Lao Zhou was the first on the street to try it. He was a widower who woke early every morning and did his shopping, was usually among the first at the neighborhood market. One day in April, he came back with a dozen of the fruit swaying in a plastic bag and handed them to anyone he saw. “Try it,” he said, an alertness in his voice that surprised us.
Pang Ayi, out for a stroll, took one curiously. The first bite made her cheeks burn softly pink. “Oh,” she said. “Oh, how tasty.” Those of us who stood watching the exchange between her and Lao Zhou raised our eyebrows. There was something private in that moment, even though Pang Ayi was frequently found gossiping while squatting in the common privies and it would not have occurred to us, to any of us, to suspect her of holding anything in reserve.
It had been an especially frigid winter, months of chapped lips and living off stocks of stewed cabbage, months in which we had turned up our coat collars and nodded to each other in passing and kept to ourselves and turned the television up high. By the time the qiguo arrived, spring was just making itself felt, and it was a relief to shed our coats and walk unencumbered.
Those of us who ate the qiguo noticed that the sun was warm on our limbs and the sound of a bicycle bell tinkling outside reminded us of the warm air, of the spring breeze, of possibilities. We smiled more often, let our eyes meet in the street. “Today I had one that tasted like I had just told a good joke and everyone was laughing,” Lao Sui might say. Mothers would feed mashed-up pieces of the fruit to their babies and we’d crowd around to watch the surprise and wonder that transformed their small faces.

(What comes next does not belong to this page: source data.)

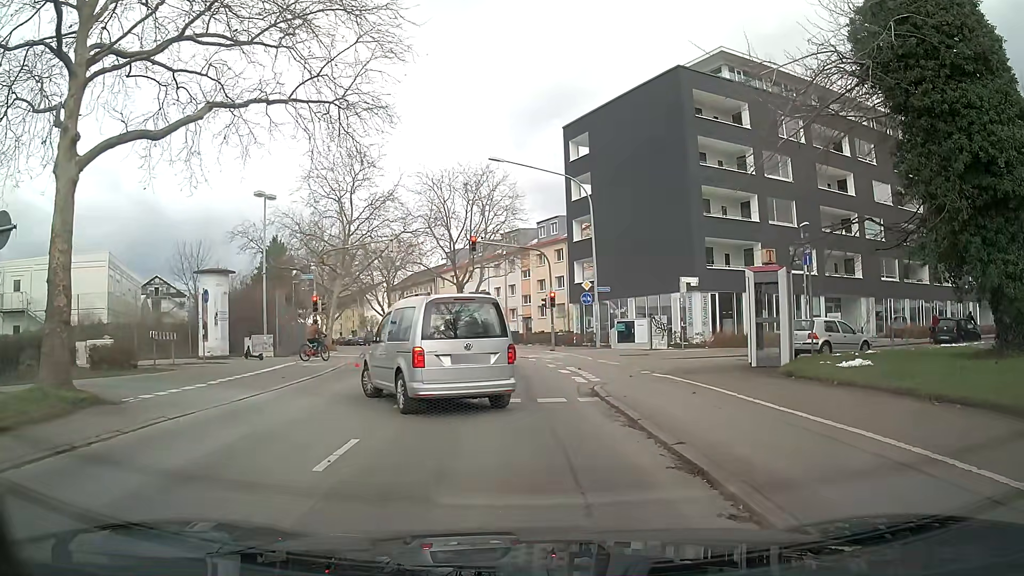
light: Day
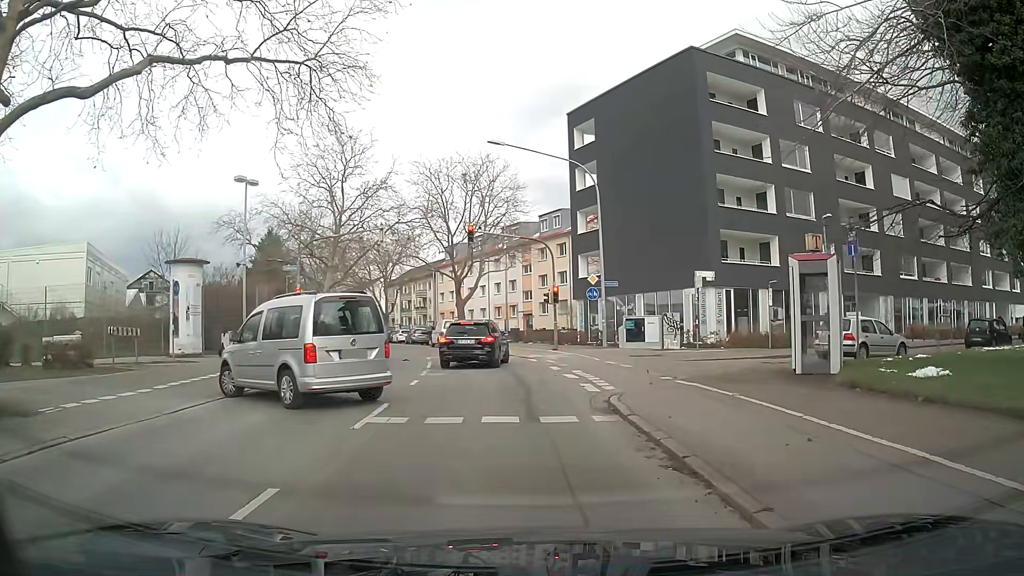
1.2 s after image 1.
(0.0, +2.9) m; 0°
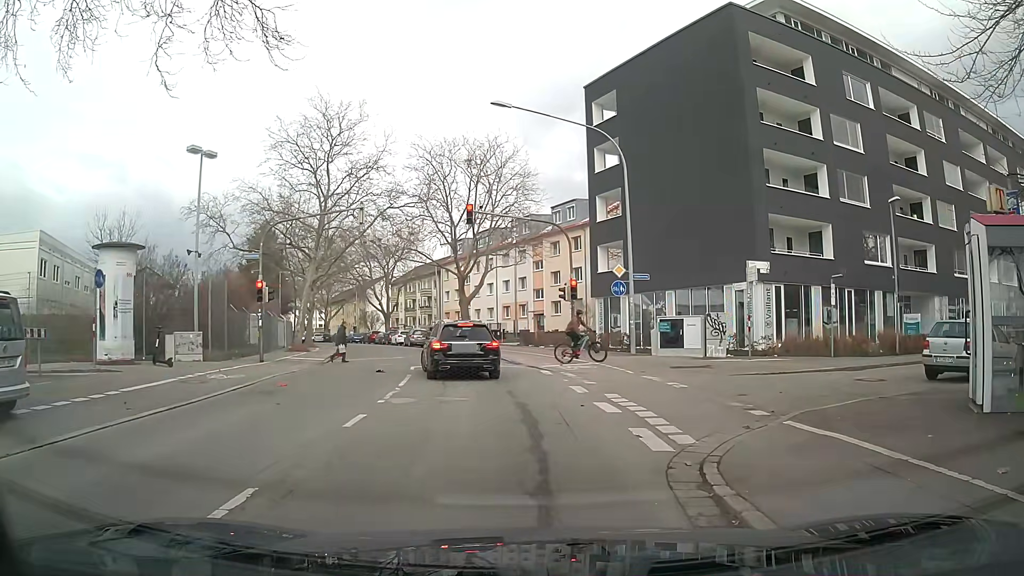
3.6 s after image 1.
(0.0, +5.9) m; +1°
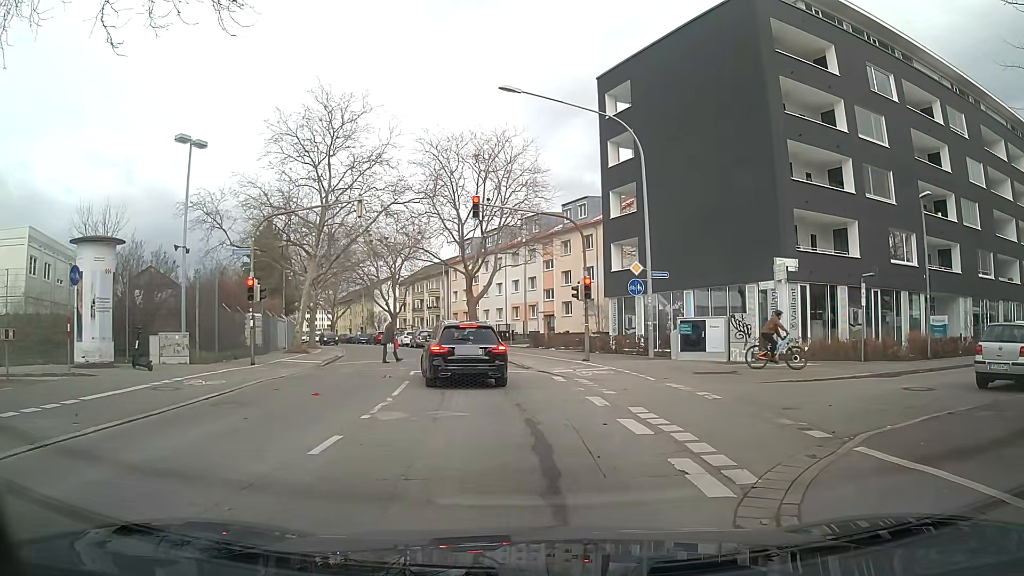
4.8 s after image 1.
(0.0, +1.7) m; +1°
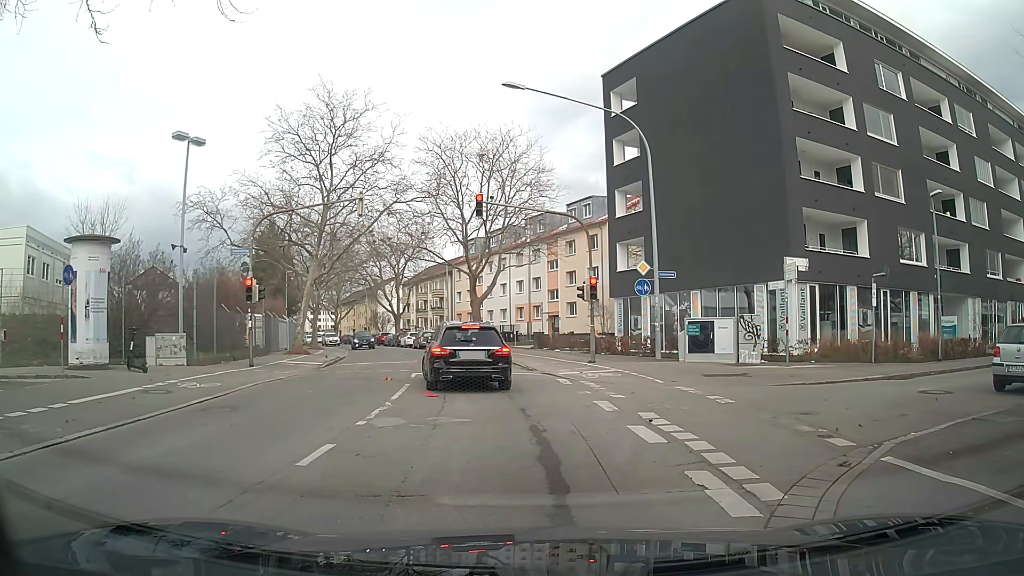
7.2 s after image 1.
(0.0, +0.6) m; 0°
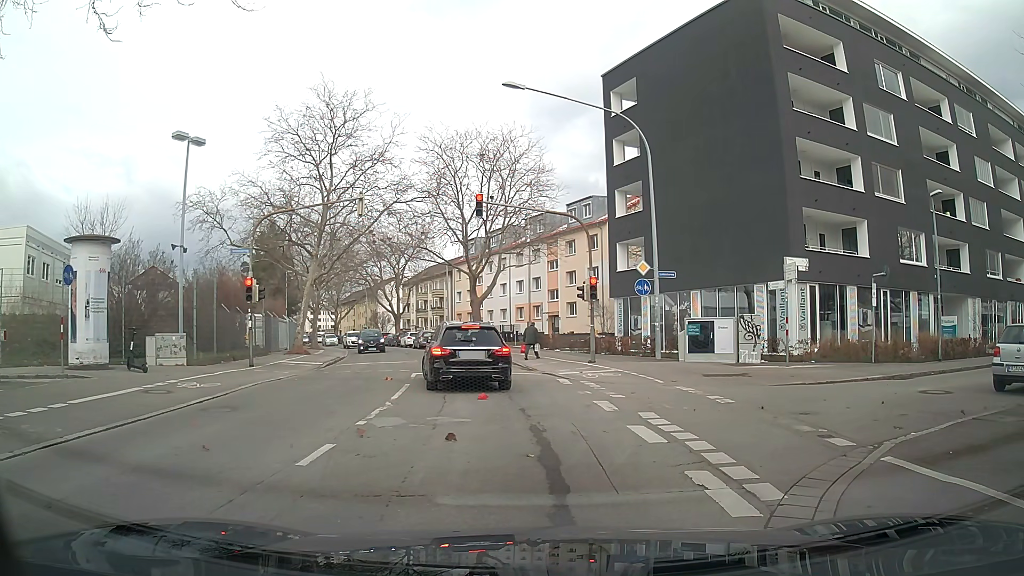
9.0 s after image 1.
(0.0, 0.0) m; 0°
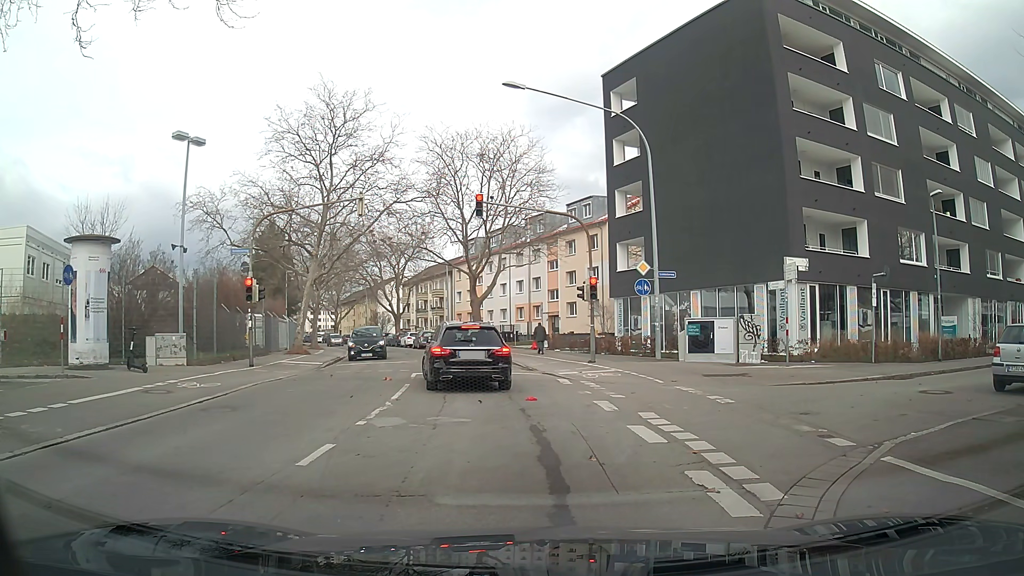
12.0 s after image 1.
(0.0, 0.0) m; 0°
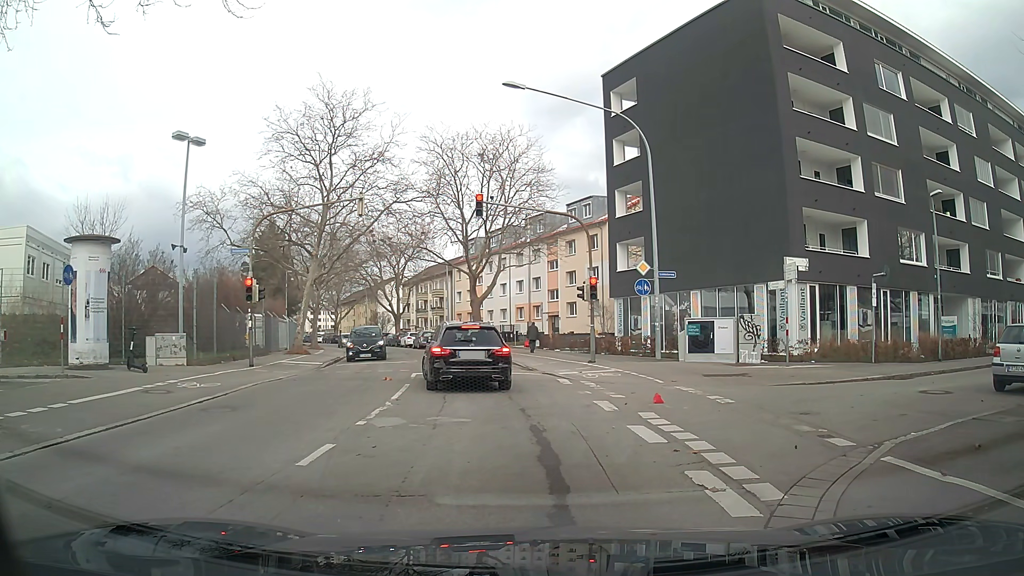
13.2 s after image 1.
(0.0, 0.0) m; 0°

We were kinder to each other that season. Mr. Feng, who worked at a local bank, tasted a qiguo one morning and afterwards it occurred to him that the metal door to the entrance of the apartment building was sticking, so that the elderly woman who lived on the first floor could sometimes be seen standing outside, waiting for a neighbor to enter or exit so she could slip in behind them. He grabbed some pliers and went downstairs to see whether he could fix it.
Other changes happened, big and small. To everyone’s astonishment, the son of Zhu Ayi, who lived with his mother on the third floor, quit his job at a local factory and moved south to be a painter; he had taken a bite of the qiguo and (so he said) seen a sunset of moist silver and cloudy gold that he was determined to capture on canvas, no matter (so his mother said) that he had no talent and would come to a bad end.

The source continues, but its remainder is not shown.